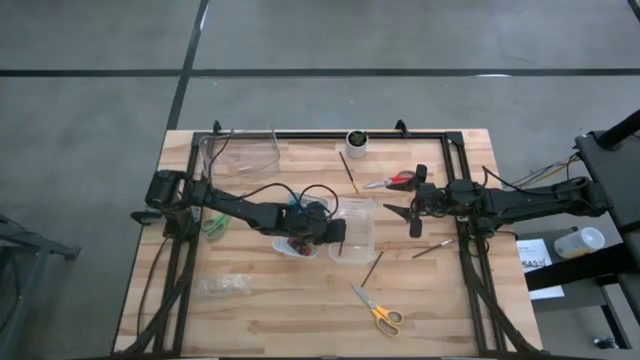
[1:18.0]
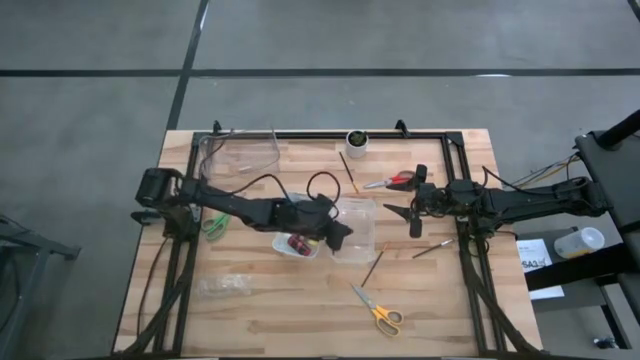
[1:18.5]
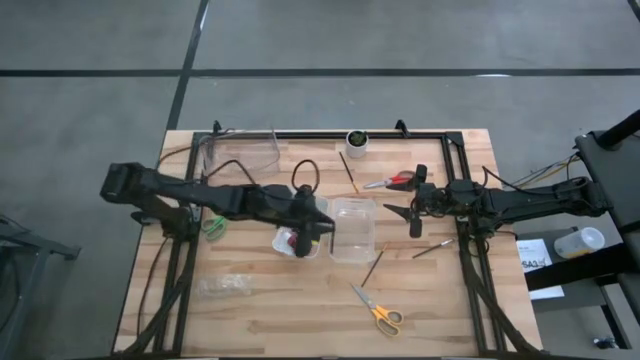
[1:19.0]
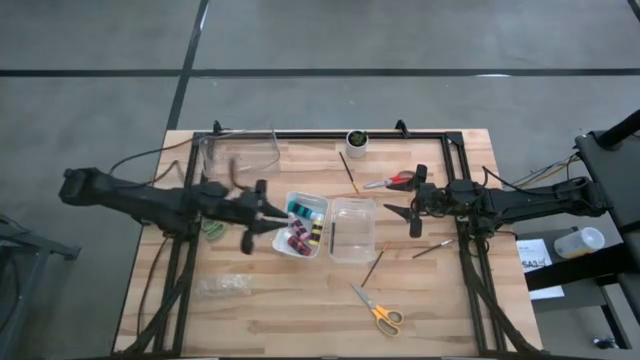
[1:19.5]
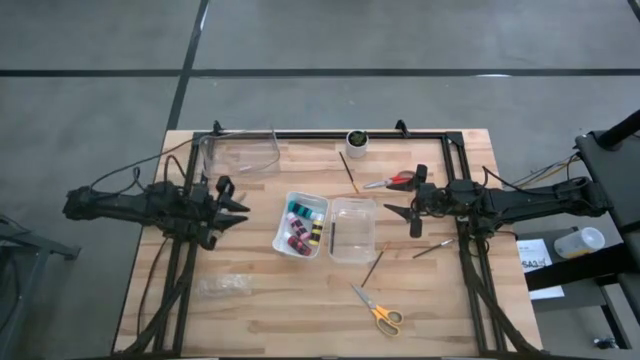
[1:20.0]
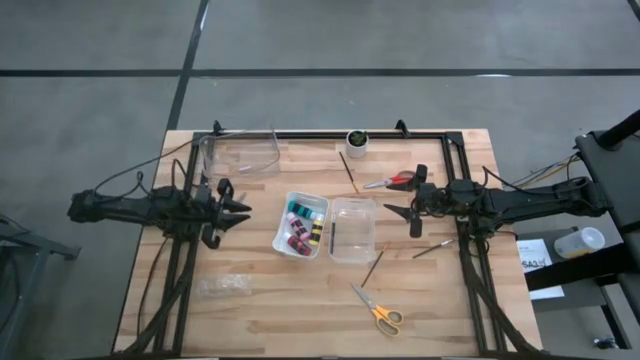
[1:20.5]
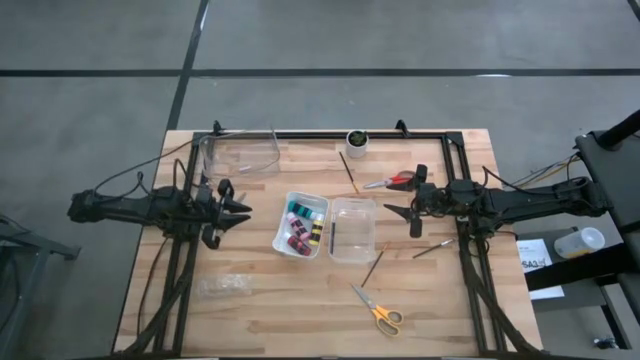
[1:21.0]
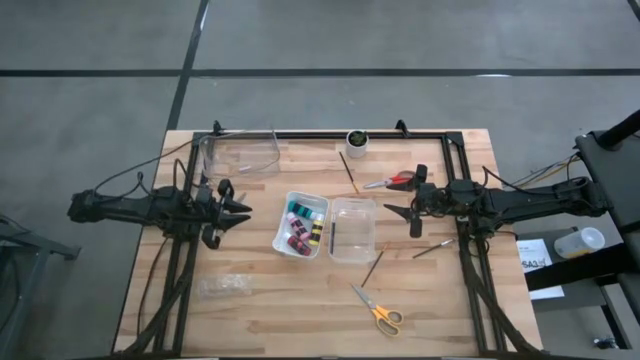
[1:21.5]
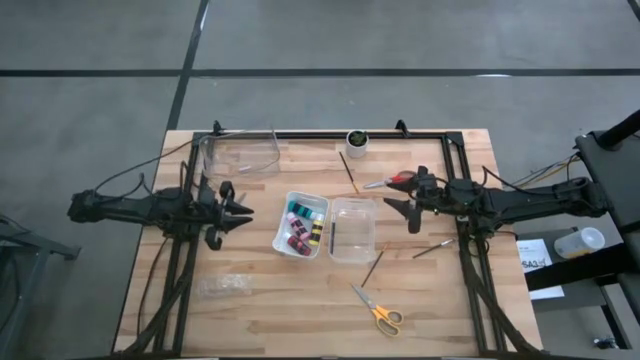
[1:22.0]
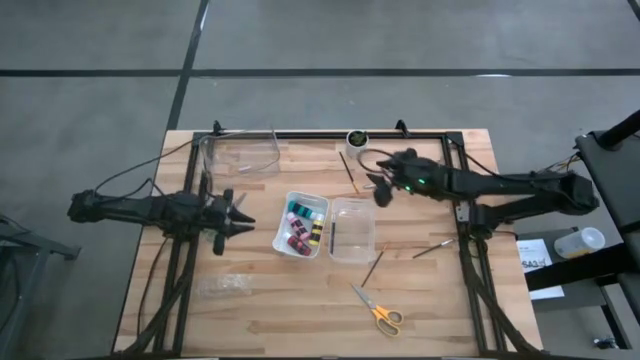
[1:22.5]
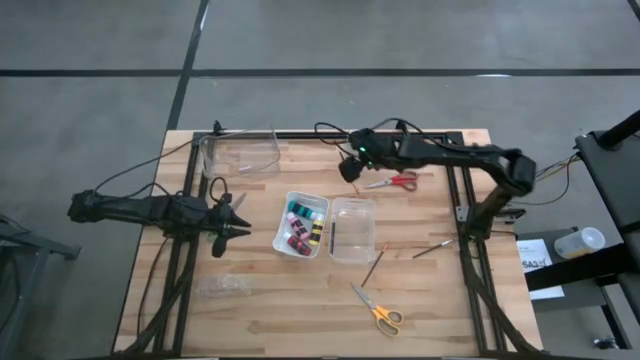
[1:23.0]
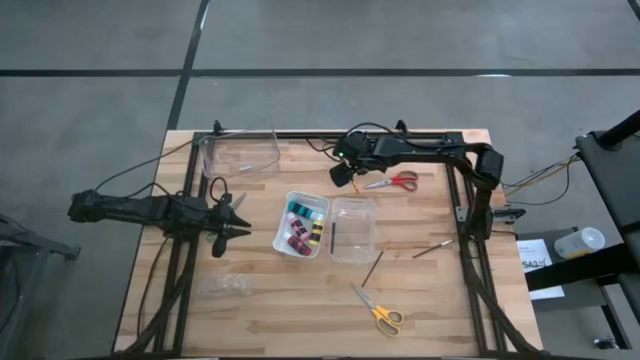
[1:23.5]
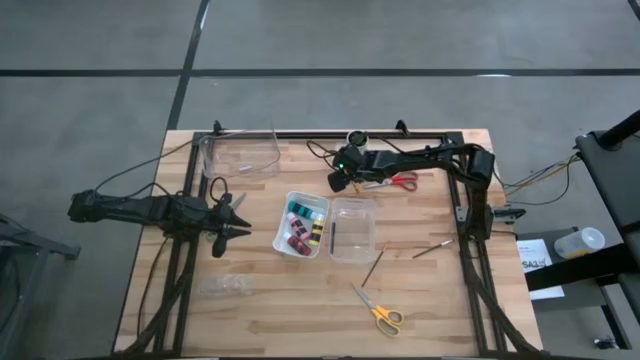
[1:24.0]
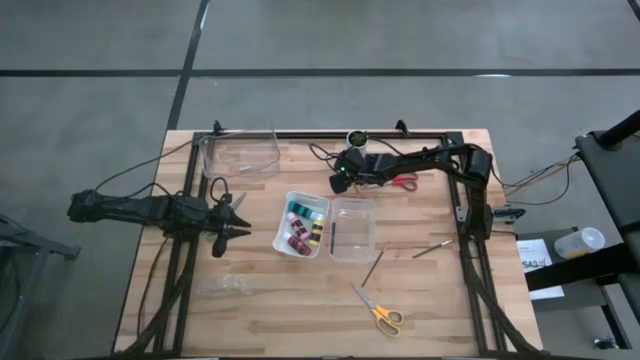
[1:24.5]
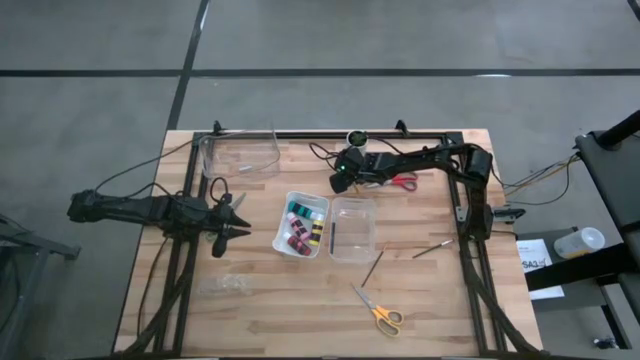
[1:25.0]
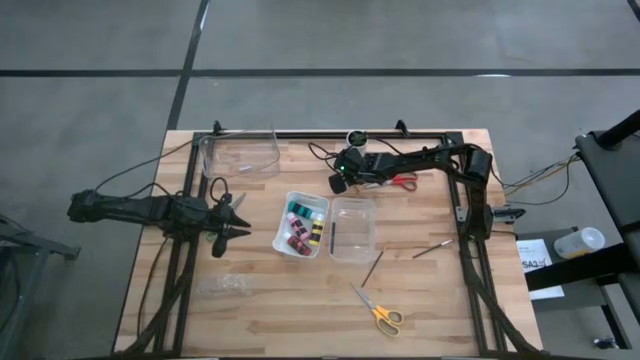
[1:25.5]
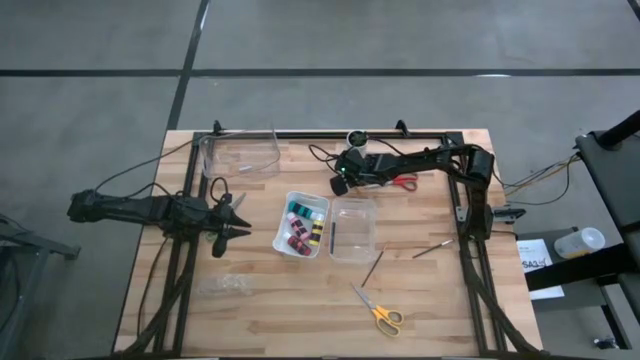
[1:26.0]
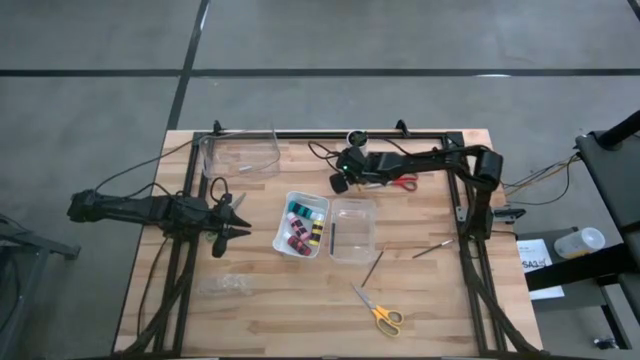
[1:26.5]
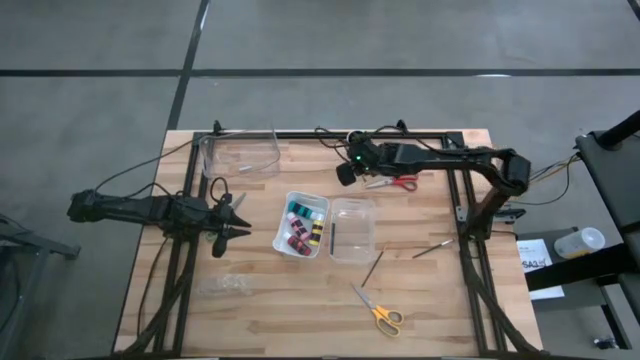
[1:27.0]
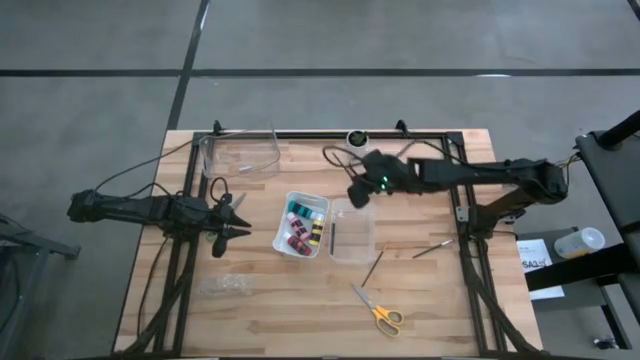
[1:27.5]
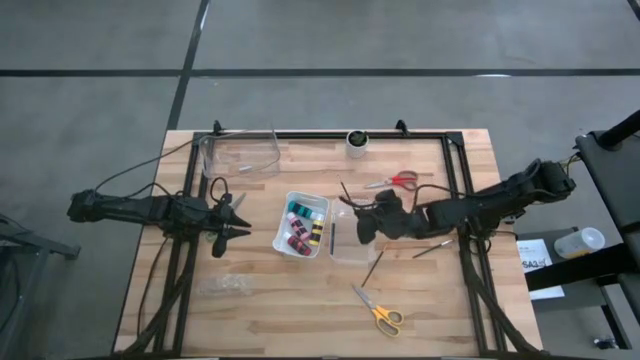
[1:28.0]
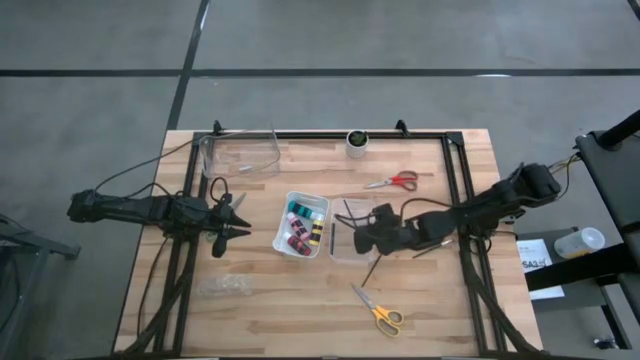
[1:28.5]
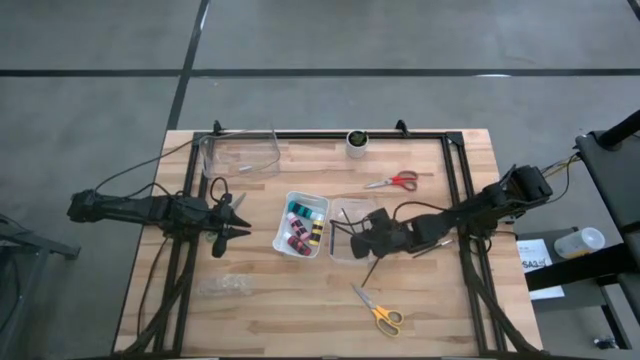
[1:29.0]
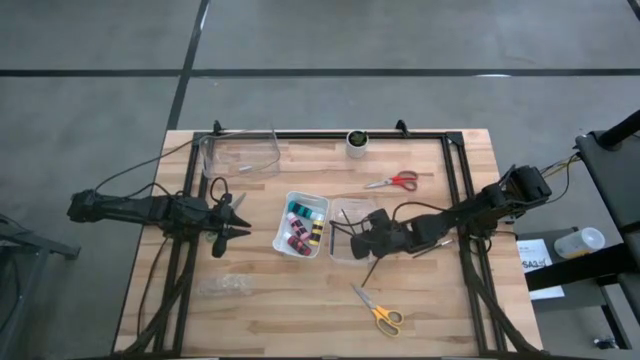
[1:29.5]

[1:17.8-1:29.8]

- [Instructions for the task]:
Output the listing above in full, exactly. No images.

- [Output for this task]:
[1:18.0]
[1:18.5]
[1:19.0]
[1:19.5]
[1:20.0]
[1:20.5]
[1:21.0]
[1:21.5]
[1:22.0]
[1:22.5]
[1:23.0]
[1:23.5]
[1:24.0]
[1:24.5]
[1:25.0]
[1:25.5]
[1:26.0]
[1:26.5]
[1:27.0]
[1:27.5]
[1:28.0]
[1:28.5]
[1:29.0]
[1:29.5]

[1:17.8-1:29.8]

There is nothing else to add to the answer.